I hope they put this violent criminal behind bars, this single action has killed millions of delicate Peeohcee trans womynz.


----------



## Graffiti canvas (May 8, 2019)

Imagine how he's going to feel when the FBI busts down his door at 2 am with a hate crime arrest warrant. 

#GOTEM


----------



## REGENDarySumanai (May 8, 2019)

It's a 9. Could you imagine being arrested because you made the number 9 with your fingers? He also did it upside down, so... M9? Is this fucker playing bingo while playing the game or these people legitimately believe that the okay hand sign is racist despite the fact that it originated from a troll op? God, these people are dumb as bricks.


----------



## Clop (May 8, 2019)

Why aren't the media and venues already up their asses with lawsuits? It's libel, pure and simple. The ok-gesture hoax is never going to be reality no matter how many times they claim it is. Make them start paying some serious fines for claiming this garbage.


----------



## bigoogabaloogas (May 8, 2019)

holy shit
did they forget that the 'ok' symbol == white supremacy was a troll, or do they not want to be embarrassed for falling for it and just pushed on through?


----------



## XE 600 (May 8, 2019)

Neo-Nazis breath. Breathing is racist. Stop breathing you racists.


----------



## NOT Sword Fighter Super (May 8, 2019)

The real crime here is that nobody is punching everybody who saw this image.
I mean...that's how the game is played, right?



bigoogabaloogas said:


> holy shit
> did they forget that the 'ok' symbol == white supremacy was a troll, or do they not want to be embarrassed for falling for it and just pushed on through?


But that's the inverted "ok" symbol, so it doesn't even qualify.


Spoiler: Visual example to assist.


----------



## Eryngium (May 8, 2019)

bigoogabaloogas said:


> holy shit
> did they forget that the 'ok' symbol == white supremacy was a troll, or do they not want to be embarrassed for falling for it and just pushed on through?


Nobody seems to mention that anymore, it's fucking weird, it feels like the world fell down a rabbit-hole since around 2013 and nothing has been the same since.


----------



## Iwasamwillbe (May 8, 2019)

And this is just one reason why the Pseudo-Progressive Left will end up like the Religious Right.


----------



## Kari Kamiya (May 8, 2019)




----------



## whatever I feel like (May 8, 2019)

chunkygoth said:


> He's playing the circle game.

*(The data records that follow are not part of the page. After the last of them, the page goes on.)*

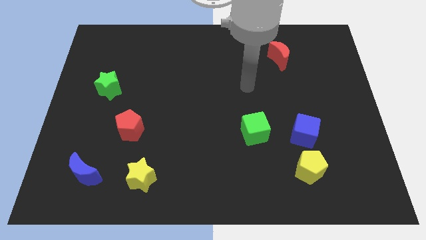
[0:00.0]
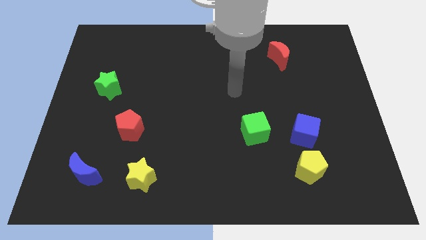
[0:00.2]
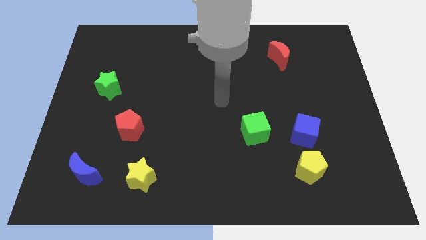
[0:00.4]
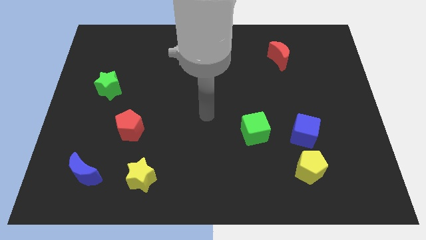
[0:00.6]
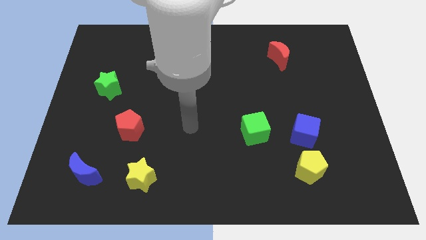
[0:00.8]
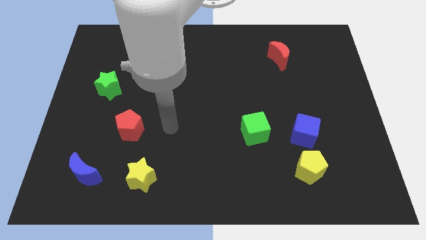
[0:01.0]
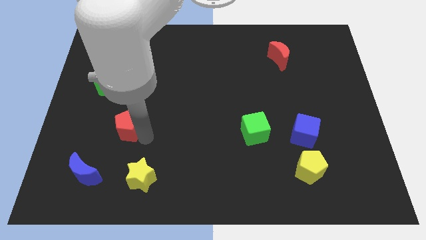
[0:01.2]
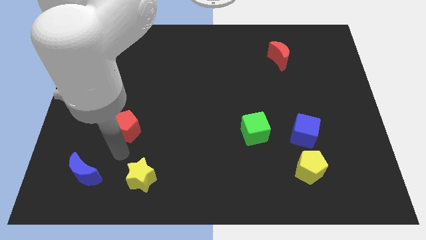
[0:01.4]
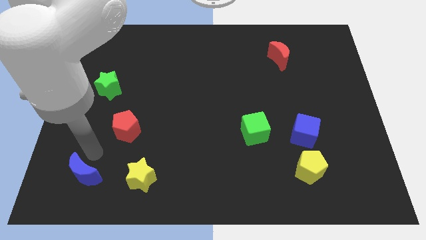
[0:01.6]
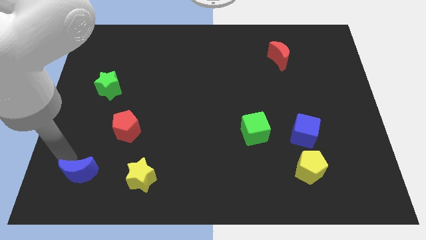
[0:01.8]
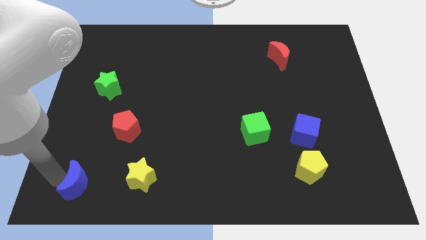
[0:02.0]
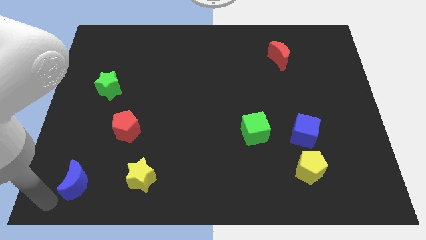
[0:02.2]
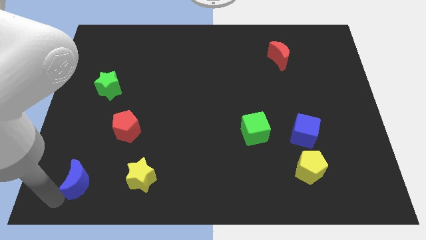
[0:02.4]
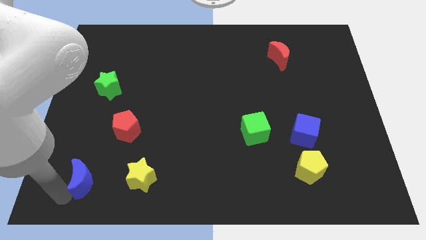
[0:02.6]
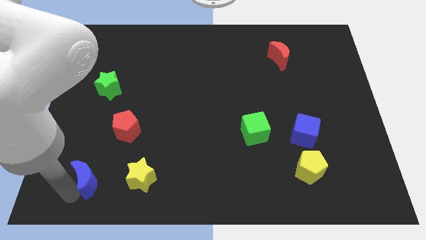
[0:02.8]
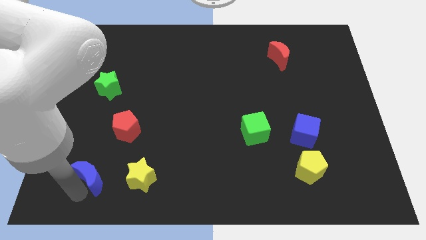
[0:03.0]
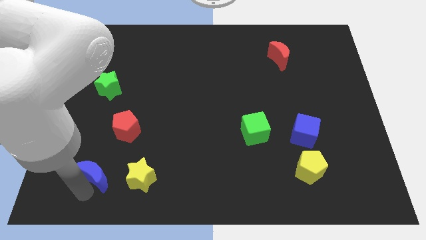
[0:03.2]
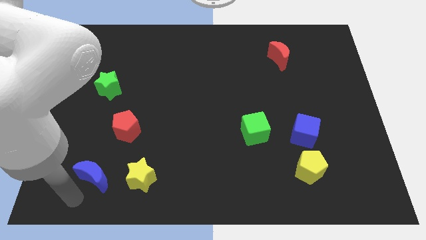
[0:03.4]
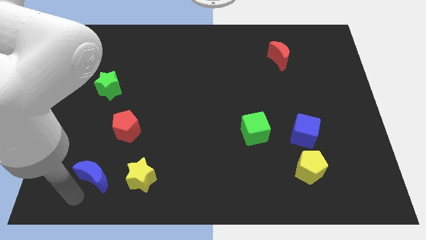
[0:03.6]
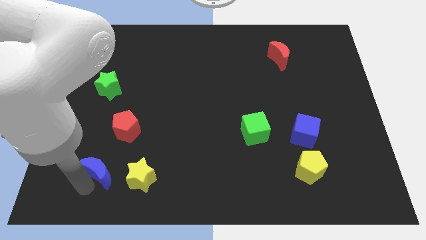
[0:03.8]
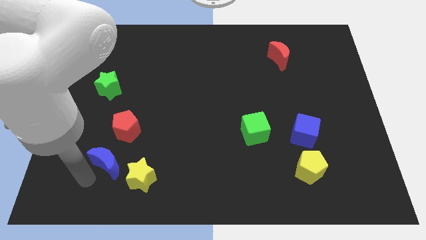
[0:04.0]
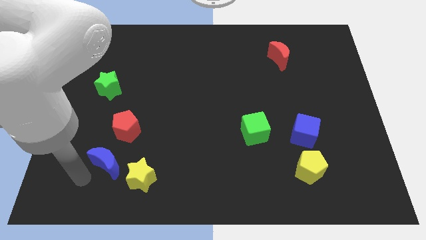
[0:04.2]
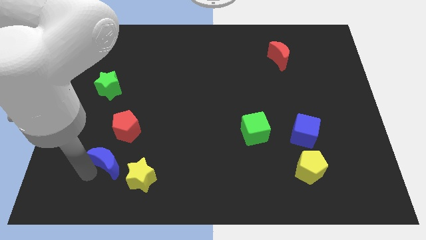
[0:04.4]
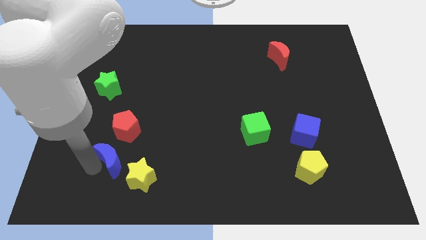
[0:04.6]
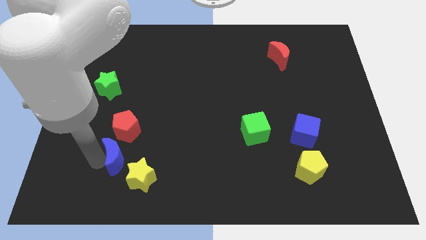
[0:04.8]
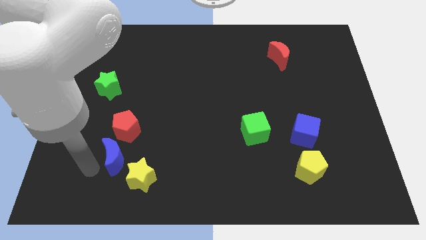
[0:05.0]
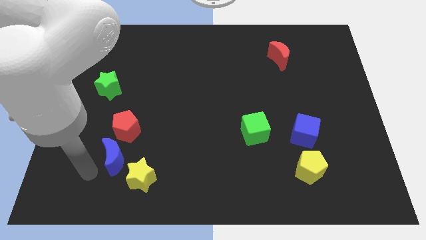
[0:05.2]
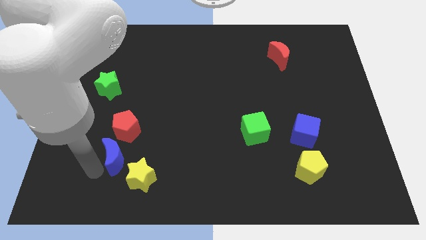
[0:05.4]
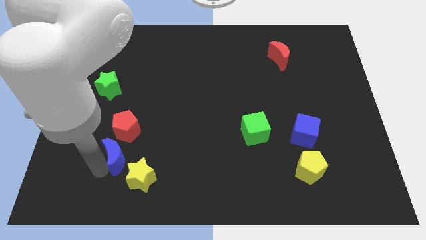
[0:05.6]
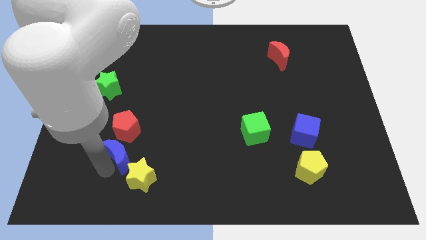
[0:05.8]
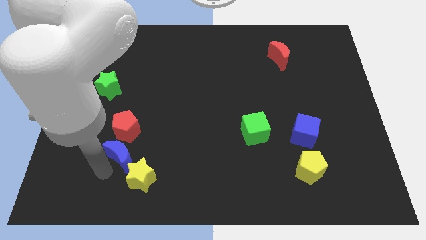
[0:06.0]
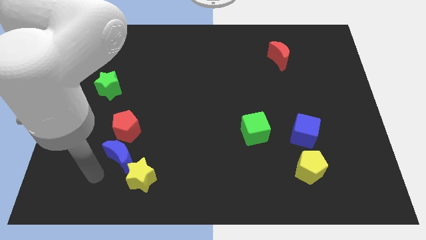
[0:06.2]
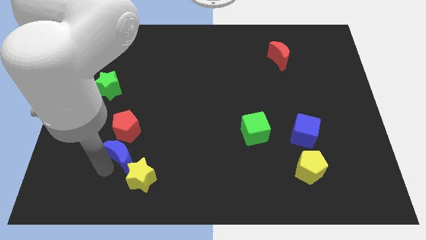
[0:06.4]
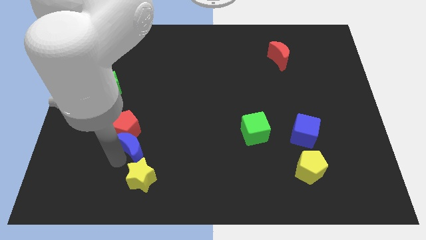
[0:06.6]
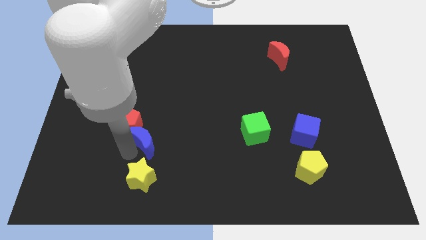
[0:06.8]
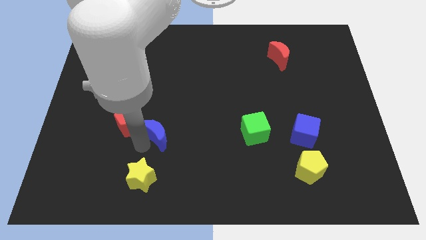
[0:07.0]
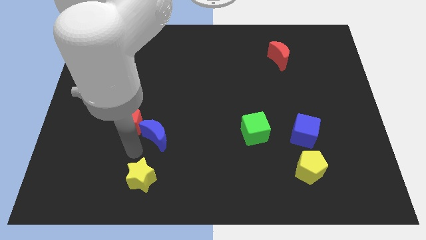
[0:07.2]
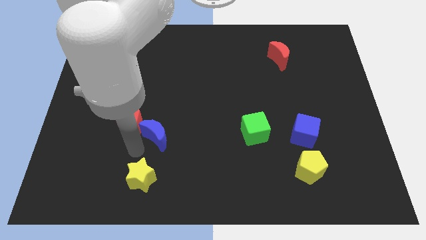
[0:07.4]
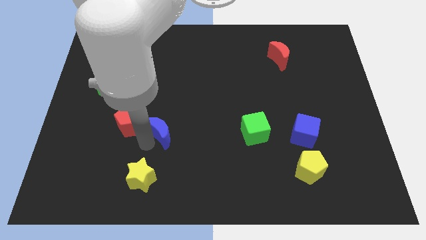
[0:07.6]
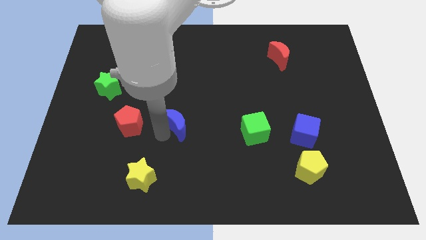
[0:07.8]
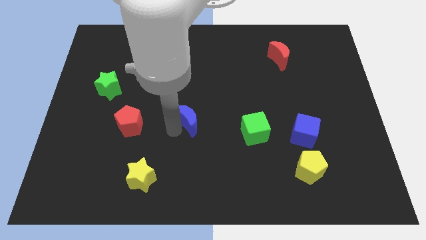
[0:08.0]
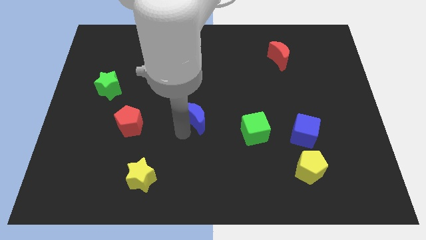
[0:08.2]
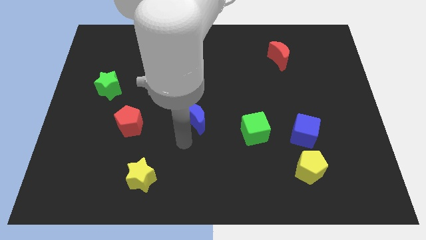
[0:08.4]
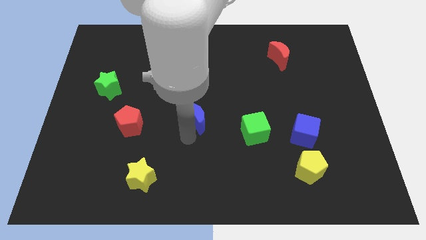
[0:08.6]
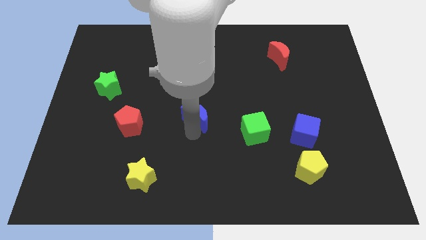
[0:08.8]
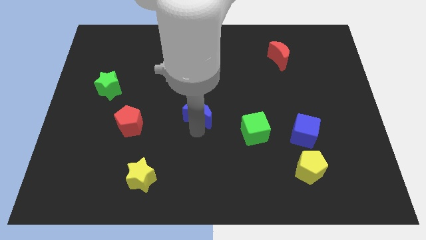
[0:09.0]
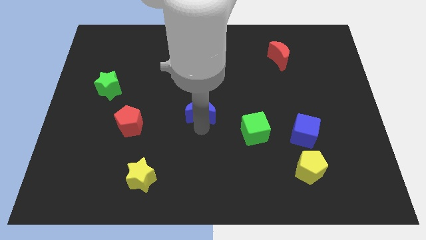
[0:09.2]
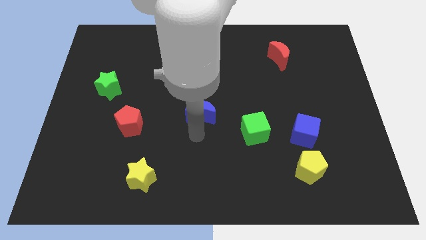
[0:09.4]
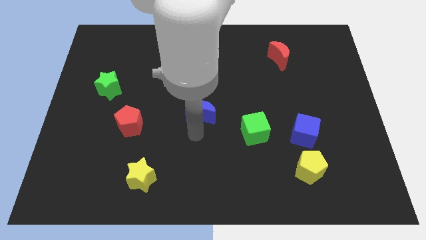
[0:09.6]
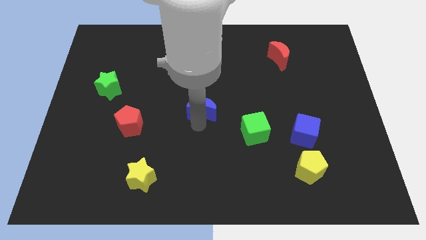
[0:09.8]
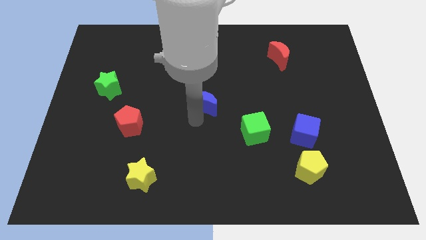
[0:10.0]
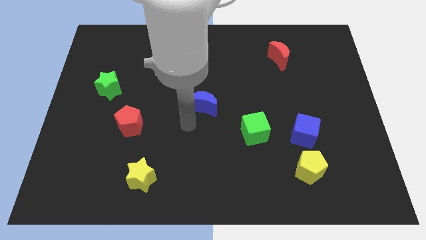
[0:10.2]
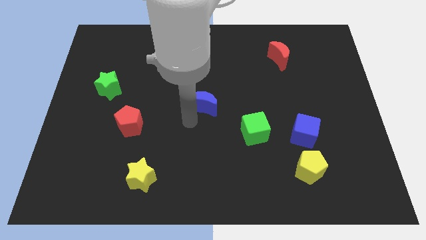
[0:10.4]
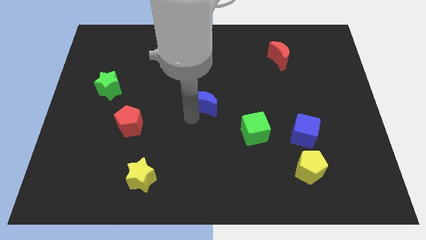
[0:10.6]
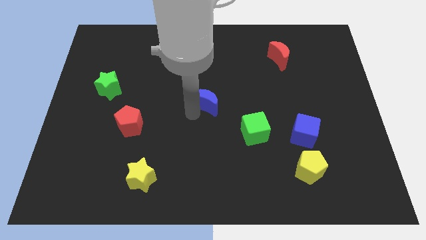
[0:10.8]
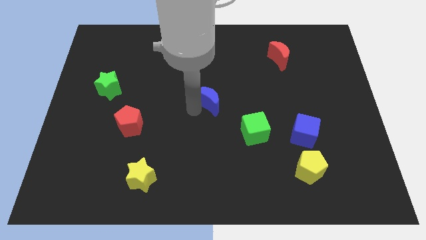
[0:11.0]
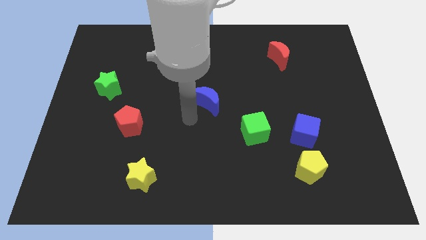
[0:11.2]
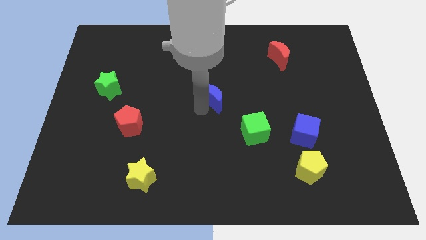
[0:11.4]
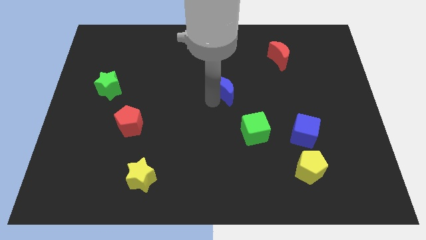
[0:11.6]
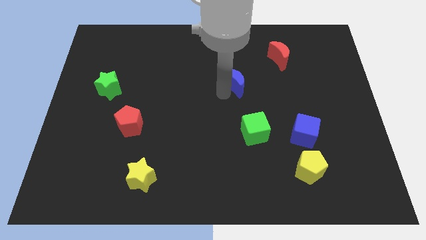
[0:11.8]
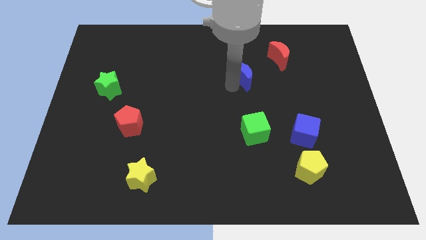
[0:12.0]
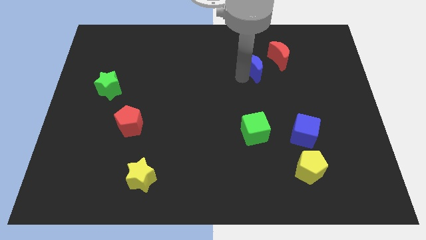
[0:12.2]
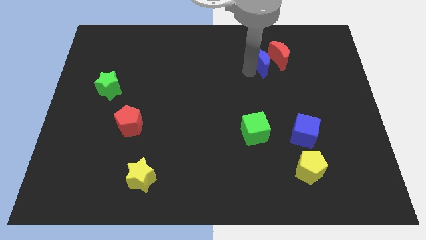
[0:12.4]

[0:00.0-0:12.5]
slide the blue moon to the red moon

Although it doesn't count because it looks like it's above the man's waist.


Oh, well in that case he should be banned.


----------



## bippu_as_fuck_ls400 (May 8, 2019)

*Cubs ban indefinitely fan who used ‘offensive’ hand gesture*
https://www.apnews.com/b8b8a079a3fa490f9ece43644e3c330e (http://archive.fo/G8vZY)

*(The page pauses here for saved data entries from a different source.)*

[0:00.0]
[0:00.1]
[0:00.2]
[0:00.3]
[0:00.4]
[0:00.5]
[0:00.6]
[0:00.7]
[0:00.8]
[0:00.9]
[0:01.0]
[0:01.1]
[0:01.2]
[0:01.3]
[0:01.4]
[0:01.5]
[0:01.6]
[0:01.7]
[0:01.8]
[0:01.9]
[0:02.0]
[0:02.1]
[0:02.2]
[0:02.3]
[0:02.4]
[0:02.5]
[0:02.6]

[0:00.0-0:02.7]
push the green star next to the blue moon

> CHICAGO (AP) — The Chicago Cubs have banned indefinitely from Wrigley Field the fan that used what appeared to be a racist hand gesture behind an African American television reporter during a game at their ballpark.
> 
> The Cubs sent a letter Wednesday to the bearded man who flashed the offensive sign in back of former Cubs outfielder Doug Glanville, who was working for NBC Sports Chicago on Tuesday night. The team said it had been unable to contact the fan by phone, and didn’t publicly identify him.
> 
> ...




These people can't be serious when they say shit like this, can they?



> President of Baseball Operations Theo Epstein called the gesture “truly disgusting” and said it “gave me shivers to watch that.”


----------



## XYZpdq (May 8, 2019)

I'd say he should sue them but he's only missing out on seeing the Cubs. I'm not sure that's a big enough penalty to be actionable.


----------



## W00K #17 (May 8, 2019)

Was a good game tho. The bryant walk off homer was lit. and jason heyward getting a wall off in extras tonight was awesome to, been a good couple weeks to be watching the Cubs.


----------



## millais (May 9, 2019)

XYZpdq said:


> I'd say he should sue them but he's only missing out on seeing the Cubs. I'm not sure that's a big enough penalty to be actionable.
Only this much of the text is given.